Nadkarni: Think of it as tier 0. If you have two or three tiers in your automated tiering setup, then flash cache and DRAM cache is often considered to be tier 0, where you get the most amount of performance from that tier. And the next tier then could be [multilevel cell] MLC or [enterprise] eMLC, which has a certain level of endurance to it and also a certain level of density to it. Then you would have your SAS drives and then your nearline SAS drives, which would be the slower and more persistent tiers.
When you need the IOPS on demand, that's when this cache comes into play, and certain types of persistent reads then get pushed into this tier and then get serviced by that tier. So, when you need IOPS the most, it gets serviced from the tier 0. When you don't need it, it gets pushed into a cheaper dollar per GB.
Have you heard about any problems with automated storage tiering?

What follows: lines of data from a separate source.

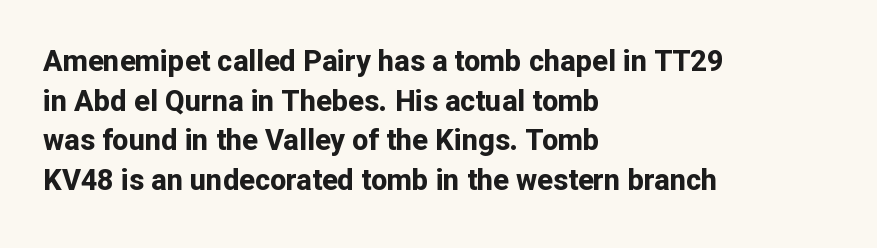
This rendering leaves character spacing at its baseline value. If you drew a ruler down the left edge, every line would touch it. What kind of face is this? One without serifs — a sans. Character widths vary here, with narrow letters taking less room than wide ones. This rendering features lettering with no underline.
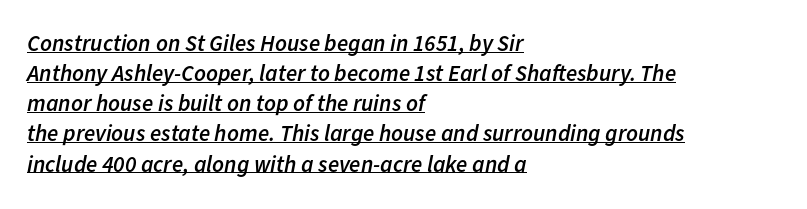
{"italic": "yes", "lean": "right", "slant_degrees": 11, "bold": "semi", "underline": "yes", "align": "left", "line_spacing": "normal", "line_spacing_ratio": 1.31, "letter_spacing": "normal", "letter_spacing_em": 0.0, "glyph_px": 23}
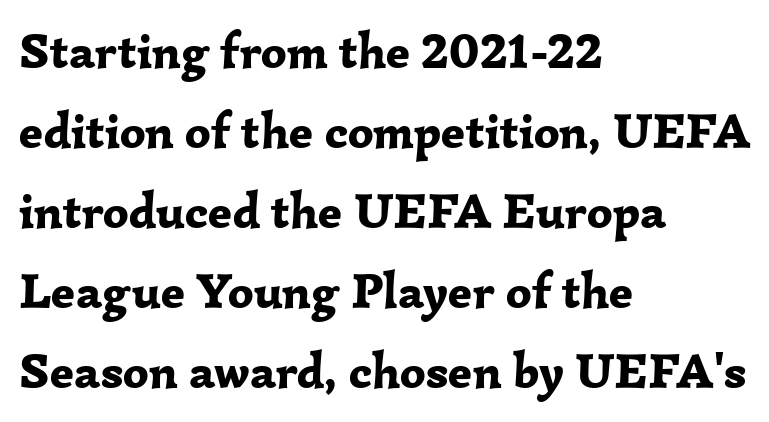
The image shows 50 px bold serif type, upright; set left-aligned, normal line spacing (1.6x), normal letter spacing, not underlined; low stroke contrast and a medium x-height.

Nadkarni: I have heard about problems with automated storage tiering in the context of the tiering solution not working for the application in question or the tiering solution being more of a burden on the application. The best example I can give you is virtualized desktops. When you have [virtual desktop infrastructure] VDI and when people switch on their computers, there is a burst of I/O. In the case of automated tiering, that solution may not get enough time to move all the data into cache before it gets serviced.

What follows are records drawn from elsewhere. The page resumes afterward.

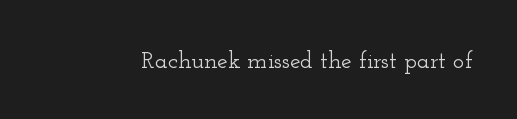
{"italic": "no", "underline": "no", "letter_spacing": "normal", "letter_spacing_em": 0.0, "glyph_px": 24}
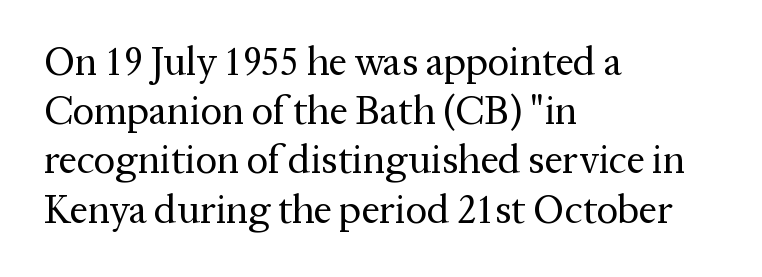
Q: Is the text bold? A: No.
Q: Is the text italic (slanted)? A: No, it is upright.
Q: Is the typeface a serif or a sans-serif typeface? A: Serif.
Q: Is the text underlined? A: No.
Q: How is the paragraph aligned? A: Left-aligned.
Q: Is the spacing between letters normal or unusually wide? A: Normal.
Q: Width (condensed, normal, or wide)? A: Normal.
Q: Stroke contrast? A: Medium.
Q: x-height? A: Medium.
Q: Monospaced? A: No.

Keep in mind that an automated tiering solution is not the Swiss Army knife. It is not going to solve 100% of the problems that customers see in their environments. It is meant to solve most of the problems, and from that side, I believe automated tiering solutions do work. They're sort of a general-purpose solution that can work in 80% to 90% of the environments that are traditionally wasting a lot of storage because of IOPS requirements. [Automated tiering also works for environments that] are putting too much emphasis on flash as a tier and not enough emphasis on the fact that in a particular data set, you might still have 20% to 30% of data that is active and the remaining 70% doesn't always have to occupy precious space on a flash tier.
What advice would you offer to organizations on the latest developments you've seen in tiered data storage?
Nadkarni: There is always the inertia or the resistance to change status quo, and organizations have good reasons to do that because they've probably been burned by first or second revisions of tiering software solutions. But my advice would be not to hold back and to embrace the new versions of these new generations of automated tiering solutions almost in the same way that they've embraced other trends in the market. Those solutions are here to stay. Think of it in the overall economics of storage.
The second piece of advice would be to think of the automated tiering solution or software as a part of the overall storage strategy. So [as] you would look at storage optimization technologies like thin provisioning and compression and deduplication, think of automated tiering almost in the same way. All of those things should be taken together when you're examining your storage strategy.
And then the third piece of advice is -- and this is more of a tactical, operational thing -- don't try to override the automated tiering solution. I've talked with a lot of customers who started off with automated tiering and somewhere along the way during the deployment phase they realized that, 'Oh well, we shouldn't let this database be serviced from a slower tier,' and [they] had the inclination to pin some of the data in the faster tier. And, in fact, pinning the data, which is almost like overriding the automated solution, causes more performance problems than just letting the system learn from the I/O pattern to figure out the best way to service those I/Os.